-- Directions --
If a line in the entries below includes "image", pick it out and copy it.

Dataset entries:
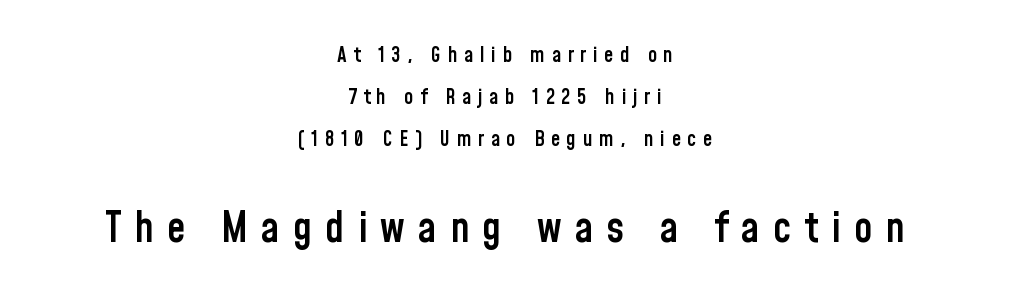
The image shows 42 px semibold, condensed sans-serif type, upright; set centered, loose line spacing (1.99x), unusually wide letter spacing (+0.31 em), not underlined; the second (bottom) block is 2.0x larger; low stroke contrast and a medium x-height.
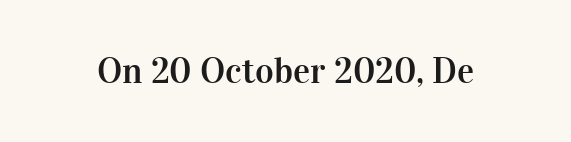
In terms of posture, this sample is upright. Varying glyph widths throughout — classic text-font behaviour. The space directly below the letters is spotless. This sample uses plain, unmodified letter spacing. These lines are composed in type with serifs.
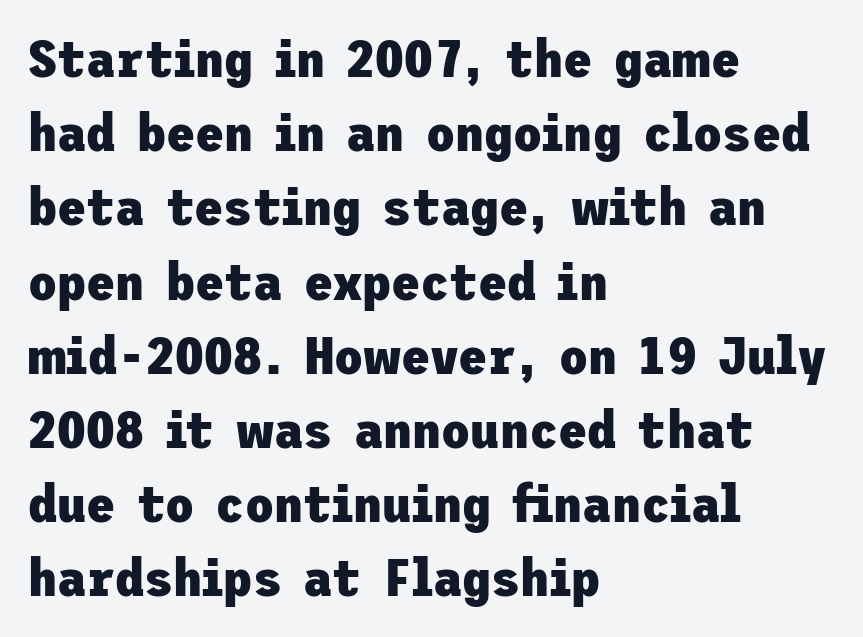
{"serif": "no", "italic": "no", "bold": "yes", "weight": "heavy", "width": "normal", "stroke_contrast": "low", "x_height": "medium", "underline": "no", "align": "left", "line_spacing": "normal", "line_spacing_ratio": 1.4, "letter_spacing": "normal", "letter_spacing_em": 0.0, "glyph_px": 53}
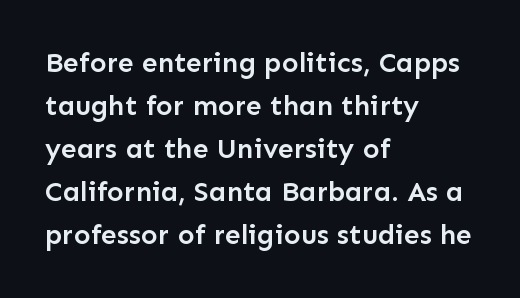
{"serif": "no", "italic": "no", "bold": "semi", "weight": "semibold", "width": "normal", "stroke_contrast": "low", "x_height": "medium", "monospaced": "no", "underline": "no", "align": "left", "line_spacing": "normal", "line_spacing_ratio": 1.54, "letter_spacing": "normal", "letter_spacing_em": 0.0, "glyph_px": 28}
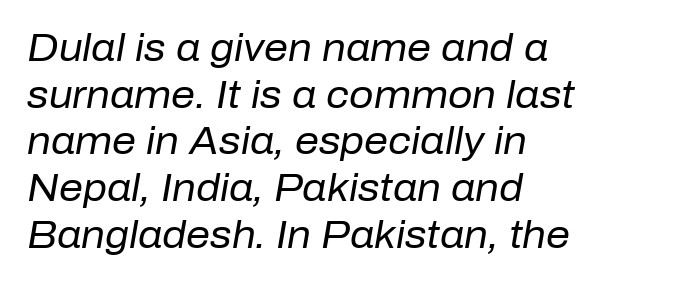
The image shows 38 px regular-weight type, italic (leaning right); set left-aligned, line spacing 1.23x, normal letter spacing, not underlined; low stroke contrast and a medium x-height.
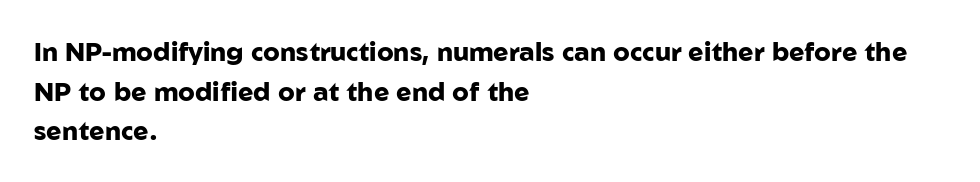
The image shows 26 px bold type, upright; set left-aligned, normal line spacing (1.52x), normal letter spacing, not underlined.
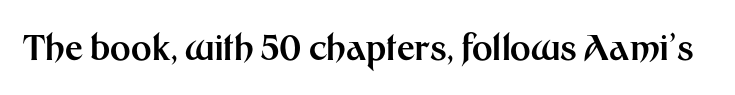
The image shows 35 px bold sans-serif type, upright; set normal letter spacing, not underlined; medium stroke contrast and a medium x-height.
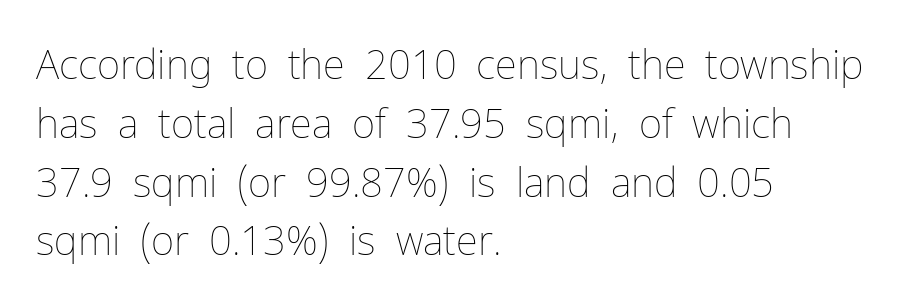
The image shows 40 px thin type, upright; set left-aligned, normal line spacing (1.47x), normal letter spacing, not underlined; low stroke contrast and a medium x-height.
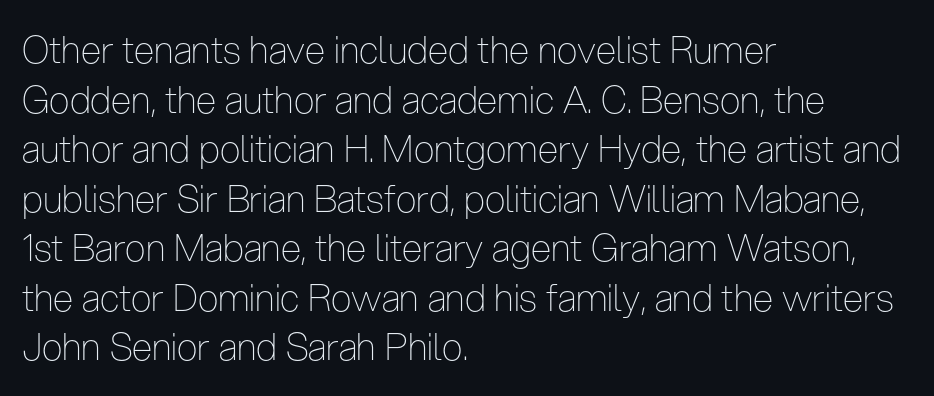
The image shows 37 px thin, condensed sans-serif type, upright; set left-aligned, normal line spacing (1.34x), normal letter spacing, not underlined; low stroke contrast and a medium x-height.
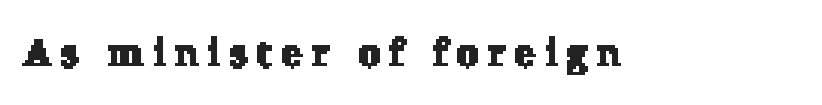
The image shows 39 px serif type; set unusually wide letter spacing (+0.24 em), not underlined; low stroke contrast and a medium x-height.
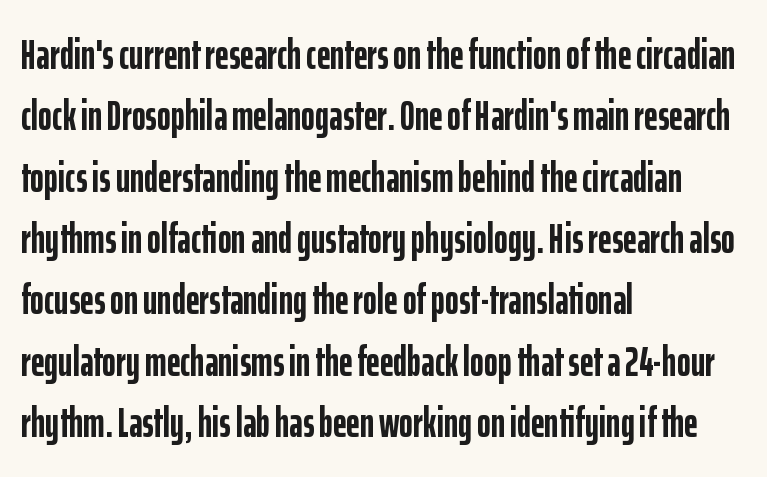
{"serif": "no", "italic": "no", "bold": "yes", "weight": "semibold", "width": "condensed", "stroke_contrast": "low", "x_height": "medium", "monospaced": "no", "underline": "no", "align": "left", "line_spacing": "normal", "line_spacing_ratio": 1.46, "letter_spacing": "normal", "letter_spacing_em": 0.0, "glyph_px": 42}

-- Reply to the task --
The image shows 42 px semibold, condensed sans-serif type, upright; set centered, loose line spacing (1.99x), unusually wide letter spacing (+0.31 em), not underlined; the second (bottom) block is 2.0x larger; low stroke contrast and a medium x-height.
The image shows 38 px regular-weight type, italic (leaning right); set left-aligned, line spacing 1.23x, normal letter spacing, not underlined; low stroke contrast and a medium x-height.
The image shows 26 px bold type, upright; set left-aligned, normal line spacing (1.52x), normal letter spacing, not underlined.
The image shows 35 px bold sans-serif type, upright; set normal letter spacing, not underlined; medium stroke contrast and a medium x-height.
The image shows 40 px thin type, upright; set left-aligned, normal line spacing (1.47x), normal letter spacing, not underlined; low stroke contrast and a medium x-height.
The image shows 37 px thin, condensed sans-serif type, upright; set left-aligned, normal line spacing (1.34x), normal letter spacing, not underlined; low stroke contrast and a medium x-height.
The image shows 39 px serif type; set unusually wide letter spacing (+0.24 em), not underlined; low stroke contrast and a medium x-height.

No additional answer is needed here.